#### Supplied information
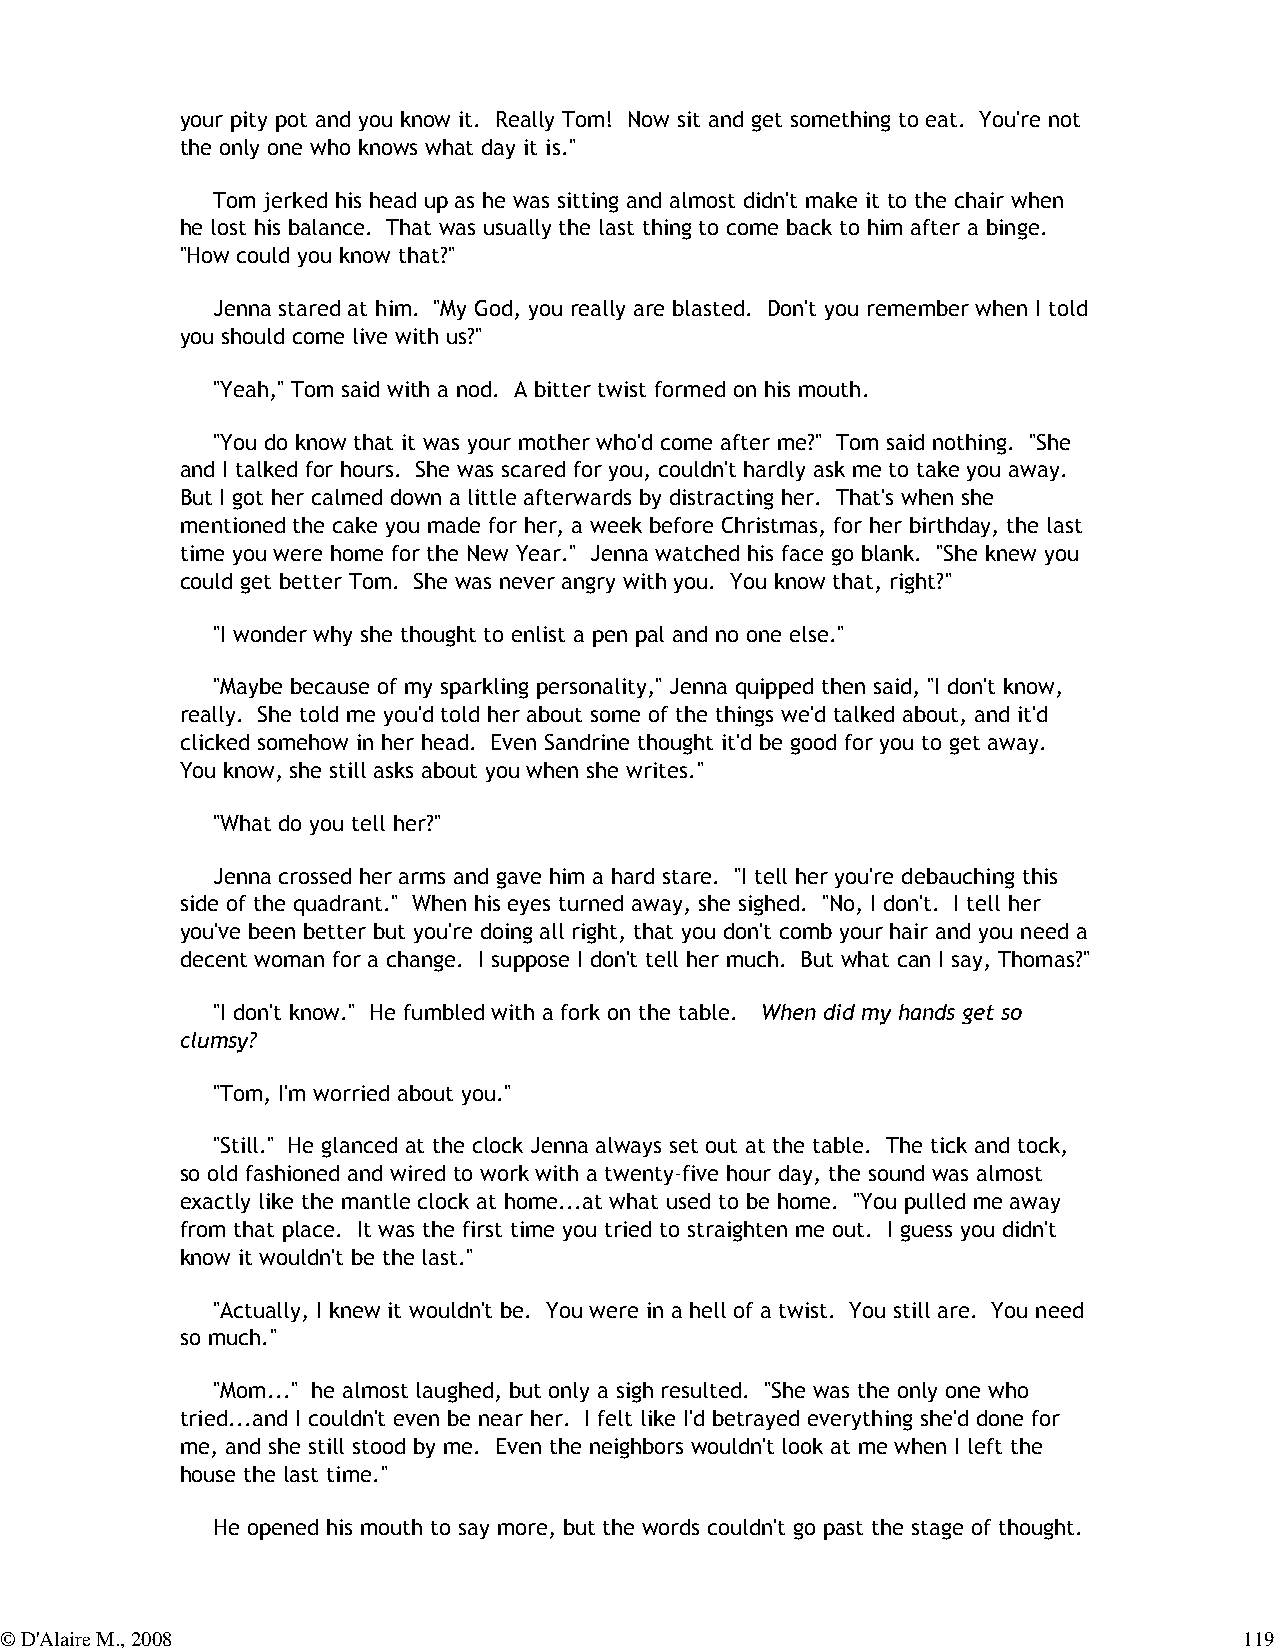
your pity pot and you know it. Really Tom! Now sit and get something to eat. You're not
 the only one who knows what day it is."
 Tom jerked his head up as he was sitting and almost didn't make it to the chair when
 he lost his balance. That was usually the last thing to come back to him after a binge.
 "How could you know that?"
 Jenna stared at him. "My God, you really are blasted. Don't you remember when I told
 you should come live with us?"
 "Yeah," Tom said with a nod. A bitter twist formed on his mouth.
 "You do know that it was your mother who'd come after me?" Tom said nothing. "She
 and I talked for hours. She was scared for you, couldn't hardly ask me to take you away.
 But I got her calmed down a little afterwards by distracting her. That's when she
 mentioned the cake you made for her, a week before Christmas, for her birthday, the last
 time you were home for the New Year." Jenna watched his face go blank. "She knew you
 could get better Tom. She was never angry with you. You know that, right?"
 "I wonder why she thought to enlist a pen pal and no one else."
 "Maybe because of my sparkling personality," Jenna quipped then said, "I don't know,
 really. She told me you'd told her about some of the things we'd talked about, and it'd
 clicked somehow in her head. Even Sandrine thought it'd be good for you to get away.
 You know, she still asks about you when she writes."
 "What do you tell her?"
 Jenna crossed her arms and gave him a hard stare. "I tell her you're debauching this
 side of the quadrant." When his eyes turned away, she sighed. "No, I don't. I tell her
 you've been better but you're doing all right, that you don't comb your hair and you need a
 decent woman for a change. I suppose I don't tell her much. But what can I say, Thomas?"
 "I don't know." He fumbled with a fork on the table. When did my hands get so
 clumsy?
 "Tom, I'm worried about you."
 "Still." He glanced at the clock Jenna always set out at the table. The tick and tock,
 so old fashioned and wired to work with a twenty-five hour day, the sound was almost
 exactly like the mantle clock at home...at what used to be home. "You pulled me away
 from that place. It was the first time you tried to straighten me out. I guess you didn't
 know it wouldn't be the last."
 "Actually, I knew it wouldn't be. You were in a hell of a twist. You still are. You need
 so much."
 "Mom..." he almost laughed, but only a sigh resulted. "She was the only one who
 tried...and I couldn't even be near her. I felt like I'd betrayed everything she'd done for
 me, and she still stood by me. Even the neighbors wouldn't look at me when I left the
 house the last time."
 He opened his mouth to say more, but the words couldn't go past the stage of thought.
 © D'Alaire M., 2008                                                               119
########
#### Supplied information
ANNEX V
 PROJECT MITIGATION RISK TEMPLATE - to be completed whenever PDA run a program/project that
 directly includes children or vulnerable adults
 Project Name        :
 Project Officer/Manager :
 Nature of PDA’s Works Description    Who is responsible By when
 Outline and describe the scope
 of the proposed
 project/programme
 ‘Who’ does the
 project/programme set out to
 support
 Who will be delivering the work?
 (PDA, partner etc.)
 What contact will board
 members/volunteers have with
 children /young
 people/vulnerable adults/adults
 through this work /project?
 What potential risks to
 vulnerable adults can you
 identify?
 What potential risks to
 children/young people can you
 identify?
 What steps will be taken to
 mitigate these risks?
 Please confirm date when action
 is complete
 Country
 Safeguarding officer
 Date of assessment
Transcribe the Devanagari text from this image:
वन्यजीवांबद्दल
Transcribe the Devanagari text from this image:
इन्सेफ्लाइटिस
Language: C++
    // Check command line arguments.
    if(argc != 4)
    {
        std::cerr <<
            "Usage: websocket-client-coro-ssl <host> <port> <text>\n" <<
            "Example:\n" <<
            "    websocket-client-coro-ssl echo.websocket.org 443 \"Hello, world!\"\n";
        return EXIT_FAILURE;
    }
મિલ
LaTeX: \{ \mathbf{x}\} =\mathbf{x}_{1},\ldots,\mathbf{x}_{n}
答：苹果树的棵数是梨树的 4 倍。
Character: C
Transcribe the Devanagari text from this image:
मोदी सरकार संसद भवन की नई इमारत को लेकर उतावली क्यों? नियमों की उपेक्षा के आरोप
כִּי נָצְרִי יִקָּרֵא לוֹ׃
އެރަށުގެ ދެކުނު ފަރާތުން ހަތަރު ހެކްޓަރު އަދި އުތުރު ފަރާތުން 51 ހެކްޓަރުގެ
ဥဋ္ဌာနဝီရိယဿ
########
• Task statement
In the records above, find the lines holding "will". Copy each one.

• Written solution
 Who will be delivering the work?
 What contact will board
 What steps will be taken to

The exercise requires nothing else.